Top of THE DATA
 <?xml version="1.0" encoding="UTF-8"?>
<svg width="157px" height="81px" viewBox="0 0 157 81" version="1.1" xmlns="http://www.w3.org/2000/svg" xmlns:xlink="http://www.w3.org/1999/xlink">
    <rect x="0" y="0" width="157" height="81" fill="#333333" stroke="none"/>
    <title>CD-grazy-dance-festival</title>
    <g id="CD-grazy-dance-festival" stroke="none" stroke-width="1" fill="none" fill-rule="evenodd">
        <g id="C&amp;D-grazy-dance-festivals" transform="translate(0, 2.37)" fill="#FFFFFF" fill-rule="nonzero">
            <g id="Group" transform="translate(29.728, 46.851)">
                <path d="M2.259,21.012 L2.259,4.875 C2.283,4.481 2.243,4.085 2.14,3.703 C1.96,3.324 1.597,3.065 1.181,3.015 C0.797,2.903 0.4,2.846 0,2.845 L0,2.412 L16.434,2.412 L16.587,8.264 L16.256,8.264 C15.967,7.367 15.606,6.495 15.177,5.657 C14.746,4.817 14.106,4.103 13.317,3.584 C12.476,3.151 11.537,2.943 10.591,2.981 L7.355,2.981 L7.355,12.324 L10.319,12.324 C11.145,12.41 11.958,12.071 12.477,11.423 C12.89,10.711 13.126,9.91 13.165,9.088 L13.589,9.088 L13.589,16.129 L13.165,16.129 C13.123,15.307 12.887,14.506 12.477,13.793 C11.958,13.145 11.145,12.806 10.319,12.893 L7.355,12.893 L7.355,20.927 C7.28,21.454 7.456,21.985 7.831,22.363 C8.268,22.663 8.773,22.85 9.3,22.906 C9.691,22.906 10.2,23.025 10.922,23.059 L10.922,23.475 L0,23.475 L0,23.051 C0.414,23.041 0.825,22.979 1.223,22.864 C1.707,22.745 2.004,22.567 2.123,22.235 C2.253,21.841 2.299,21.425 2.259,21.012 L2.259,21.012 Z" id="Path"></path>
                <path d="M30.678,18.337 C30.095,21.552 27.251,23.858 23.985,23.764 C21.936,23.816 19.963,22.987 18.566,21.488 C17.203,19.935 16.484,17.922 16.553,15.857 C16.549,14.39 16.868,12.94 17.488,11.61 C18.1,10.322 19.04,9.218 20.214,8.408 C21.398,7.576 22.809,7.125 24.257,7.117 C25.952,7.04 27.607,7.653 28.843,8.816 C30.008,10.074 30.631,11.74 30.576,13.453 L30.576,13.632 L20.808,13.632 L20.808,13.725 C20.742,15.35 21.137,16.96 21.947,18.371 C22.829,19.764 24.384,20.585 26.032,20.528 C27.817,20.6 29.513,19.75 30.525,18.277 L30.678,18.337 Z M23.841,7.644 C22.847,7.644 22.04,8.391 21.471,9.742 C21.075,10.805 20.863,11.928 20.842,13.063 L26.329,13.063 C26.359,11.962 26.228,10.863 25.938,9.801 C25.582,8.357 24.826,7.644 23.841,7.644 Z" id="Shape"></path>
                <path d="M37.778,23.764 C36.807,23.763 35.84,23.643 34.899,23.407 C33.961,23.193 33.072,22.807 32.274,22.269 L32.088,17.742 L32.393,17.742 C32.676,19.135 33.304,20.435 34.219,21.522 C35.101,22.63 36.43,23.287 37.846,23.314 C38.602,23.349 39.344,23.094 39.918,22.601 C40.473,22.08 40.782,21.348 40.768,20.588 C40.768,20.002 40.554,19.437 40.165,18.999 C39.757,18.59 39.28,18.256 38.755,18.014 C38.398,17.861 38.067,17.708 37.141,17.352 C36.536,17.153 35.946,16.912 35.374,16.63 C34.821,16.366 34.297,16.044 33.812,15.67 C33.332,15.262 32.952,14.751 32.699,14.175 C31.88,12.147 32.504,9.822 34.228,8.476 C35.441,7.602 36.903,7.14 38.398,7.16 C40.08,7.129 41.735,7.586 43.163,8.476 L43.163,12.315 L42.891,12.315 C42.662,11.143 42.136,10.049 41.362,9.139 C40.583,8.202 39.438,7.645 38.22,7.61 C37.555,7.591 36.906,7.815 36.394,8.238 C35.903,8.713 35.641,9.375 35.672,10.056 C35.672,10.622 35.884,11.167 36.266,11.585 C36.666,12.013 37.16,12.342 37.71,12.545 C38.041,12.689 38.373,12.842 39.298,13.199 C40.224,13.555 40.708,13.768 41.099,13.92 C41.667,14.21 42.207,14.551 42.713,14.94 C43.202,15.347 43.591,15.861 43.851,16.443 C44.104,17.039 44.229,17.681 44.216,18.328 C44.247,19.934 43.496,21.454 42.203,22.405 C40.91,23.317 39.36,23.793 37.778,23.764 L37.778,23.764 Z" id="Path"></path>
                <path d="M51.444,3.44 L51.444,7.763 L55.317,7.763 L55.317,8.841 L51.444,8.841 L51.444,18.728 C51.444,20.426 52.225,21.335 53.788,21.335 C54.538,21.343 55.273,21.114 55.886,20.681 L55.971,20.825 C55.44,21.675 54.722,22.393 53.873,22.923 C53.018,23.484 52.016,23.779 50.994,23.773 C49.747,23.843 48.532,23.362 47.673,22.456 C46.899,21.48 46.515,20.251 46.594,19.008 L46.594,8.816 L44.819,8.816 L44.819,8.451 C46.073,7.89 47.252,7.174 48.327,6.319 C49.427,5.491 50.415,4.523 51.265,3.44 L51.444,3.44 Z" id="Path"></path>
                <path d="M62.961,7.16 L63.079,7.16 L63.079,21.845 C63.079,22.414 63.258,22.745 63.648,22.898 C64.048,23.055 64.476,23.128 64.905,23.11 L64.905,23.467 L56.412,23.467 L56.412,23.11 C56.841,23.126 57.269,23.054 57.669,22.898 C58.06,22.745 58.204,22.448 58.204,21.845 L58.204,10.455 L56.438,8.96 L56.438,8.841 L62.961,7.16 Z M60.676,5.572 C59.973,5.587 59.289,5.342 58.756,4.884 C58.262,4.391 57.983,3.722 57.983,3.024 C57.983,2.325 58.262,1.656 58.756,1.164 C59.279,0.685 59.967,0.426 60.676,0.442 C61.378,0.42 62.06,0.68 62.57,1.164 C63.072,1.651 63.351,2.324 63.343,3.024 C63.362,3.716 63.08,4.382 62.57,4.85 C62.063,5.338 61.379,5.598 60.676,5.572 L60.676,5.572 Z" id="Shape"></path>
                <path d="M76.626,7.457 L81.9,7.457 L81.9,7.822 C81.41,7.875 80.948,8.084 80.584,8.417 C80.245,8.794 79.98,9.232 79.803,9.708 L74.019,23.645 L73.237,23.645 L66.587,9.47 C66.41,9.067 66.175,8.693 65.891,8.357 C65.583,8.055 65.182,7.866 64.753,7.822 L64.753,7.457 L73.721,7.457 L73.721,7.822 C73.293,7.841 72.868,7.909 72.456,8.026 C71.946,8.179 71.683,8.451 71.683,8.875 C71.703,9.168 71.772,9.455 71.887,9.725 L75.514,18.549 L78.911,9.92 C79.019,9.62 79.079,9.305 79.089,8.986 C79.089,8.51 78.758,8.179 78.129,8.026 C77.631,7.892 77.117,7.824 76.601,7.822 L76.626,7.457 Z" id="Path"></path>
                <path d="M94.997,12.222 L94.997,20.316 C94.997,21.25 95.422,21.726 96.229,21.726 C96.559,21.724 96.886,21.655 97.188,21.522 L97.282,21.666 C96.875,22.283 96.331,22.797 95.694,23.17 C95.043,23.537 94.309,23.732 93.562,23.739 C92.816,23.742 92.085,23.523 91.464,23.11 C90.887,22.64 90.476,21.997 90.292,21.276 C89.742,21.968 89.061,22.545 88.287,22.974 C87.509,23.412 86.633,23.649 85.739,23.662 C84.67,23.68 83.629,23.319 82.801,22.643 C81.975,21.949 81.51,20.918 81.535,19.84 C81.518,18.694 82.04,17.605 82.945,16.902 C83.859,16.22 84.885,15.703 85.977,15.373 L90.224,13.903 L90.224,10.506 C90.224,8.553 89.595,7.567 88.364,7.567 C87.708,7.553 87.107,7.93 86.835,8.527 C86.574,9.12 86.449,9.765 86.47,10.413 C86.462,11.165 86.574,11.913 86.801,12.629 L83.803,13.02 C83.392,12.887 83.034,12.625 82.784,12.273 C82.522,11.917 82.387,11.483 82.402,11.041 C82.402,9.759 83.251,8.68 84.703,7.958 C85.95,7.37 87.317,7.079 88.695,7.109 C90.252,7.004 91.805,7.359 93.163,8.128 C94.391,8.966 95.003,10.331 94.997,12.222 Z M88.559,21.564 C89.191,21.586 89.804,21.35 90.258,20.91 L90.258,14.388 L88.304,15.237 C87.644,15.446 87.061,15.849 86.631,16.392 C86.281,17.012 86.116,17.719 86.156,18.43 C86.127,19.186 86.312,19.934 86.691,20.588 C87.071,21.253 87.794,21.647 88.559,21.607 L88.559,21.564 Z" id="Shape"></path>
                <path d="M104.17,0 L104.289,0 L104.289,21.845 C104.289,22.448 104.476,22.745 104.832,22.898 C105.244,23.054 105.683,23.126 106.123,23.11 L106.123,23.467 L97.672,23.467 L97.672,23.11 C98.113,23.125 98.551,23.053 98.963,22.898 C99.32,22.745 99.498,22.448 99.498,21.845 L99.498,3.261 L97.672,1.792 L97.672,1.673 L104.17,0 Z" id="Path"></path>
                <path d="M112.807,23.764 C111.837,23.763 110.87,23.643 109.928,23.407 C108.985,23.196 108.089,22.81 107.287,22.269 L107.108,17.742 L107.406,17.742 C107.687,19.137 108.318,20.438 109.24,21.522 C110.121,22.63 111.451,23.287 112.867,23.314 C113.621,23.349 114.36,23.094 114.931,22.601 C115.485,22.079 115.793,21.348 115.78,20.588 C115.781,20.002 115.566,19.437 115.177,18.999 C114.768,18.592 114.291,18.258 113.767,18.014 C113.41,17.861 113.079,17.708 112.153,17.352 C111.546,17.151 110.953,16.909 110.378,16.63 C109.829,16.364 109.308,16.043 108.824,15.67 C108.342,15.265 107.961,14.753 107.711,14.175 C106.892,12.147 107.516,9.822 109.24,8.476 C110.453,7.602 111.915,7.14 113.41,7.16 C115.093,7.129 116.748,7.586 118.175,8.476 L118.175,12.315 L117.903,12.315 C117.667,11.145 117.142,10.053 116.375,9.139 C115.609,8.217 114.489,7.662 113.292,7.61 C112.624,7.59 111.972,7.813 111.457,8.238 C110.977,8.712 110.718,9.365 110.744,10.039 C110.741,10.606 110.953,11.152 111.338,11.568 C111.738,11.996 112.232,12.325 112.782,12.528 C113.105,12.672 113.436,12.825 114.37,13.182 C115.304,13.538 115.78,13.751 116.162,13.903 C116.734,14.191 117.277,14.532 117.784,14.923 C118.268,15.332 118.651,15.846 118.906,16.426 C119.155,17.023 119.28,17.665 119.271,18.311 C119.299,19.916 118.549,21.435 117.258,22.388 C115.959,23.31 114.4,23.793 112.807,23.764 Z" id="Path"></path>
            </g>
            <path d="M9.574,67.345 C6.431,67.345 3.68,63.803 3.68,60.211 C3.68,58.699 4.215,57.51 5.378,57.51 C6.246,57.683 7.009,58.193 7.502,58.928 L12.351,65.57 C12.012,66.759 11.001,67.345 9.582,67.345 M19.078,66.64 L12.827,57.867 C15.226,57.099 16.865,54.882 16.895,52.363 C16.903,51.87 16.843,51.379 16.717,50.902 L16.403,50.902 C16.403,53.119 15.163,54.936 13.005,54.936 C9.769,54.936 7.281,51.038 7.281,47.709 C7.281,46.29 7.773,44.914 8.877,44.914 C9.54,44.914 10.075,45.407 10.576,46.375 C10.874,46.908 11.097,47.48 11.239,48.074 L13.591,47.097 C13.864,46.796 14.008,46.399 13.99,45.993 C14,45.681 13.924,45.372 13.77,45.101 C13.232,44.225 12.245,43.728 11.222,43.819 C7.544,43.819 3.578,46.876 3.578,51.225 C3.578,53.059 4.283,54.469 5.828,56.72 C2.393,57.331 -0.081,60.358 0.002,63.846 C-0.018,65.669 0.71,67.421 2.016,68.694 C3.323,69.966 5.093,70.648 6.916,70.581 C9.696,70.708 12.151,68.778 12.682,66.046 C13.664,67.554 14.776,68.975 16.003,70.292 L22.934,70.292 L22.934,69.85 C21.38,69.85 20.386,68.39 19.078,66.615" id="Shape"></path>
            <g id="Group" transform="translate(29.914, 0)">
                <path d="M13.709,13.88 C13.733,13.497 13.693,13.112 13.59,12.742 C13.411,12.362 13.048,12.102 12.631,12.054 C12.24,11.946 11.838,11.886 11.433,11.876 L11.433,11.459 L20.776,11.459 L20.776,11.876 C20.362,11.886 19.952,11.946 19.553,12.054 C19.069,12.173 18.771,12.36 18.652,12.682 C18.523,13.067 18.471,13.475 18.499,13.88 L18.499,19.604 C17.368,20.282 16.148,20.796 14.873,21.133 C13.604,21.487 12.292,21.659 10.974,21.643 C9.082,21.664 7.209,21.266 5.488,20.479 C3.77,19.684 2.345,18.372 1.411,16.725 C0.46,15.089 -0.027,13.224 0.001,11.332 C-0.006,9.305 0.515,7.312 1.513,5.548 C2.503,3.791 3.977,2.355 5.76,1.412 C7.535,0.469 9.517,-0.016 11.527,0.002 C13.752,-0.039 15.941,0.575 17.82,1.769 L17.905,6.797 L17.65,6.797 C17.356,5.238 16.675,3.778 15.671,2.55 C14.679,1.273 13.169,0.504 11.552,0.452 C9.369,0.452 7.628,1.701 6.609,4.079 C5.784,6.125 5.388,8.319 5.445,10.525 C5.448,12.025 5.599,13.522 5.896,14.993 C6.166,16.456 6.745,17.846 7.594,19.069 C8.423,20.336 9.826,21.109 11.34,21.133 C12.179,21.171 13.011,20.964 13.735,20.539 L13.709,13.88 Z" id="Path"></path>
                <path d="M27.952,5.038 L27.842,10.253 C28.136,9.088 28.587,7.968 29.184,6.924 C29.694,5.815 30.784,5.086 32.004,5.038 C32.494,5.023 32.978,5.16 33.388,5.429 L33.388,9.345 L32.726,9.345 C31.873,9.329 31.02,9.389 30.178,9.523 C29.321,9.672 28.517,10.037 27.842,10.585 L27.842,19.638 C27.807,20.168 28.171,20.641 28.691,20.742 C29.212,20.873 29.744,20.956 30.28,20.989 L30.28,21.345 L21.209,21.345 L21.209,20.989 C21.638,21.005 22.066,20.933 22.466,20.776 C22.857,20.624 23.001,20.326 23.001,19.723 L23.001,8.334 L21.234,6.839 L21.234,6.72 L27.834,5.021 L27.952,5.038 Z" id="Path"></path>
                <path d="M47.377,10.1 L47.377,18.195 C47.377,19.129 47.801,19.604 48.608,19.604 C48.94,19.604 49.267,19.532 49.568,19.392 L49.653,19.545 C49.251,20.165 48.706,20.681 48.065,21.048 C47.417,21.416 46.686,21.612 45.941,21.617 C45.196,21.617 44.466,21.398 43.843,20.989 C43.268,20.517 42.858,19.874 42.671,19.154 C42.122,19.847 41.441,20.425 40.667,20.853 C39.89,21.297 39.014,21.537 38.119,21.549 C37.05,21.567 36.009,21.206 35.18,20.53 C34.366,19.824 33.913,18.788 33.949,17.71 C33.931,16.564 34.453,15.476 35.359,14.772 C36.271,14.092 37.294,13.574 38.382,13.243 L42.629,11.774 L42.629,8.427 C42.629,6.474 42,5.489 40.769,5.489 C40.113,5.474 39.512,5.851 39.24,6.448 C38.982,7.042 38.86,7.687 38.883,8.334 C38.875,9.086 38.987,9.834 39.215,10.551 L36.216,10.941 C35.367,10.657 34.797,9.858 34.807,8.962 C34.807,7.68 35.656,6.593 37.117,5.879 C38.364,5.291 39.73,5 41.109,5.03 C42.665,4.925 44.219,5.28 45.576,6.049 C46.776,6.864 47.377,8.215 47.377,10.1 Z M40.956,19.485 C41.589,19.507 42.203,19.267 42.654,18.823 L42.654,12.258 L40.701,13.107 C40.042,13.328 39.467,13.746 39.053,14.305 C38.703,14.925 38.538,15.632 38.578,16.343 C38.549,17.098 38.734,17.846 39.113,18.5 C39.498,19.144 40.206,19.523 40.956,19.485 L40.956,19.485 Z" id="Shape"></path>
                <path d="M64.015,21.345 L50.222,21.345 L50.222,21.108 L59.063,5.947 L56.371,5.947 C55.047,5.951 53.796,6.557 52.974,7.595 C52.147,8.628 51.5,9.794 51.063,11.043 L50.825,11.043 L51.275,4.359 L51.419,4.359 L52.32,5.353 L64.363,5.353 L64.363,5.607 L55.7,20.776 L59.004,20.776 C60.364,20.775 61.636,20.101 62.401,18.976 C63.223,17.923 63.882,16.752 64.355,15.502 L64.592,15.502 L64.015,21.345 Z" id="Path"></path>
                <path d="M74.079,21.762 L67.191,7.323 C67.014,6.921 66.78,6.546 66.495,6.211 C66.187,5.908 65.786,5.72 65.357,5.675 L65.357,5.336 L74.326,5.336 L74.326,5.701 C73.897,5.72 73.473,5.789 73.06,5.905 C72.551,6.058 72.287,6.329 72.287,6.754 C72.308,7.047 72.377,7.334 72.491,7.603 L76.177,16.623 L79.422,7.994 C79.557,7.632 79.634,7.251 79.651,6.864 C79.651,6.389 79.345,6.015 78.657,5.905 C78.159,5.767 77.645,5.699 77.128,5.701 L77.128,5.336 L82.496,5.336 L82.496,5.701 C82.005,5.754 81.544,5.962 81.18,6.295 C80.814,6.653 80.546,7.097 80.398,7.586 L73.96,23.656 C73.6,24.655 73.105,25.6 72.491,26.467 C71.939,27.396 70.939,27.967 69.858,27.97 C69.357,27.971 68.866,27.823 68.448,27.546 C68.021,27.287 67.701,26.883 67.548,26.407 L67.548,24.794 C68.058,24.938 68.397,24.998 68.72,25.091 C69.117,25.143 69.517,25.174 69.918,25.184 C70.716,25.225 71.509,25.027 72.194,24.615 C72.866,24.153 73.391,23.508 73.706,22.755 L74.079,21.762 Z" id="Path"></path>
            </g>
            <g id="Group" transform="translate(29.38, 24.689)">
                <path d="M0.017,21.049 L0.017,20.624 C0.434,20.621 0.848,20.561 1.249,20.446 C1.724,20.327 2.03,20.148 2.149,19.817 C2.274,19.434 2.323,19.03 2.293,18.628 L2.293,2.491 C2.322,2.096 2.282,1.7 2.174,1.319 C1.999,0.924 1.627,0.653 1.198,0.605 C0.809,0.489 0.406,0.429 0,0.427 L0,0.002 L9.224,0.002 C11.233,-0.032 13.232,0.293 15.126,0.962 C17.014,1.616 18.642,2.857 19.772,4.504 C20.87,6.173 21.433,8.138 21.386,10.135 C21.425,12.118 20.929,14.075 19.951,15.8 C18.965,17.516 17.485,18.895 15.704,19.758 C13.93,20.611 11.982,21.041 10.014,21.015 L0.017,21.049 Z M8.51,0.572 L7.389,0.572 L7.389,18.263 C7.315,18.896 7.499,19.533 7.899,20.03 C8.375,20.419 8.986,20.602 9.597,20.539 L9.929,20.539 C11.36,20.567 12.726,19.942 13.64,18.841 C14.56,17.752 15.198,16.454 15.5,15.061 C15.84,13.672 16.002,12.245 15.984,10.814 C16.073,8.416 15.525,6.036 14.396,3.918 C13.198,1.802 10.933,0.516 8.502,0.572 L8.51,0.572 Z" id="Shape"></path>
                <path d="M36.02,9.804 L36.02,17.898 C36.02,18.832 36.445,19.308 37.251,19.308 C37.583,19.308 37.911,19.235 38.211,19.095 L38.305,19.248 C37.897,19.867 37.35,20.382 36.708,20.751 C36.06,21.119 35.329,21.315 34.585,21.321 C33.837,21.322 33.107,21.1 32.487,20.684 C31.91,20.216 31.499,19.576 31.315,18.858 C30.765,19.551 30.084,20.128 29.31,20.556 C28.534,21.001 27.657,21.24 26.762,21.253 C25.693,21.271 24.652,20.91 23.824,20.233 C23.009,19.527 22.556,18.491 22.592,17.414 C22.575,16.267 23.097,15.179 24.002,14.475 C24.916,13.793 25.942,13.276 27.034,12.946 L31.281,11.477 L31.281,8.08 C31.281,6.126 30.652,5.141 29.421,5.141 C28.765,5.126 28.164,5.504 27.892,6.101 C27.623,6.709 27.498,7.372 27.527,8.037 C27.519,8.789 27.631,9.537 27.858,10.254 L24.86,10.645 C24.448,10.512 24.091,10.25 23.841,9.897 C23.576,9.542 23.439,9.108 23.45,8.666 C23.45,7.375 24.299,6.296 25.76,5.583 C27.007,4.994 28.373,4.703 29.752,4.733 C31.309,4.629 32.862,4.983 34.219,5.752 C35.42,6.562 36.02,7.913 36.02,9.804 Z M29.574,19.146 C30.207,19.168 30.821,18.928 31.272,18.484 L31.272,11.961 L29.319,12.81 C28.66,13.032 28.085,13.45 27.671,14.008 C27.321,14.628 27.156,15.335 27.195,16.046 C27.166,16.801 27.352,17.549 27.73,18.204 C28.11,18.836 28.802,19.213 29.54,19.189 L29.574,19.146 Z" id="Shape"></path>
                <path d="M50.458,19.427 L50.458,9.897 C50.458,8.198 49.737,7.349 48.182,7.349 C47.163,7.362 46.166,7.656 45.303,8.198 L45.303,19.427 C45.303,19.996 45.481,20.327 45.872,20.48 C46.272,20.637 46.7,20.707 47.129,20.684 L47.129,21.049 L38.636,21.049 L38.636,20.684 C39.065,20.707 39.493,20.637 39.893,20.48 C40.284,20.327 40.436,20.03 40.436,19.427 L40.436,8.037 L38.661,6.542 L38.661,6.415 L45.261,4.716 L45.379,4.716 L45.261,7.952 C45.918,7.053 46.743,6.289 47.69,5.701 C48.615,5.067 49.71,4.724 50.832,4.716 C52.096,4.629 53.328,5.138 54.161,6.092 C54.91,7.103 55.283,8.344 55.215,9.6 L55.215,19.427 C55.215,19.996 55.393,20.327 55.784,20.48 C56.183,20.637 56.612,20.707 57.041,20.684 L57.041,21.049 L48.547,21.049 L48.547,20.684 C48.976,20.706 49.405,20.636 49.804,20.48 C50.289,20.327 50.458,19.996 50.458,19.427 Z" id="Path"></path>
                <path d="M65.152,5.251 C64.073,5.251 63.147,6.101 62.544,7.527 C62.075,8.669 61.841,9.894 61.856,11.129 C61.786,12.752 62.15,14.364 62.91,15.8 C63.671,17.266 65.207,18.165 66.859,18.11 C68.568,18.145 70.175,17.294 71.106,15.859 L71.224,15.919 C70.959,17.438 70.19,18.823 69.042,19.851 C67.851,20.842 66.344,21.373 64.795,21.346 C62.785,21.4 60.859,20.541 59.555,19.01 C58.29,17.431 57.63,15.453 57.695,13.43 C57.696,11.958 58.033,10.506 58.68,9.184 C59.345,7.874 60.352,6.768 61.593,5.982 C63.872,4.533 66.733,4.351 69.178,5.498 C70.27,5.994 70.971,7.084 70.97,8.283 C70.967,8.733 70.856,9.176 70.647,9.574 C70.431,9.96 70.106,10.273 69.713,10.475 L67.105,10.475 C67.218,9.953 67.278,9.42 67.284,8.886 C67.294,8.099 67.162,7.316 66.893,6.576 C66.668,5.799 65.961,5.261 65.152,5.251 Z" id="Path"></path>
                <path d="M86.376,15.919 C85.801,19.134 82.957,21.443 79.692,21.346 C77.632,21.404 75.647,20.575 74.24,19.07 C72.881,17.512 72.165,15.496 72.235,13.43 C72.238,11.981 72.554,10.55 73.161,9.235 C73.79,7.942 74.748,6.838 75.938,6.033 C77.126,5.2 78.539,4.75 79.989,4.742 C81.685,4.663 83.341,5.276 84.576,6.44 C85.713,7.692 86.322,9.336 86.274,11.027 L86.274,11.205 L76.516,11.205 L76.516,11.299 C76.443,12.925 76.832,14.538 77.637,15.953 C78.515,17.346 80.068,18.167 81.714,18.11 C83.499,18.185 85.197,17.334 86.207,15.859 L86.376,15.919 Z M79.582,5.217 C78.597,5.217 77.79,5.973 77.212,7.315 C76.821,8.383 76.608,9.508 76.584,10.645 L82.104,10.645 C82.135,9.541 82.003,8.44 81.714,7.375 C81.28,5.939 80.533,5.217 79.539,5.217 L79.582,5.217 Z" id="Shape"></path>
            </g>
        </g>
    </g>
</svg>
Bottom of THE DATA
- PROBLEM REQUIREMENTS -
Using the listing above, gather each line that holds the string "fill" and copy it.

- WRITTEN ANSWER -
    <rect x="0" y="0" width="157" height="81" fill="#333333" stroke="none"/>
    <g id="CD-grazy-dance-festival" stroke="none" stroke-width="1" fill="none" fill-rule="evenodd">
        <g id="C&amp;D-grazy-dance-festivals" transform="translate(0, 2.37)" fill="#FFFFFF" fill-rule="nonzero">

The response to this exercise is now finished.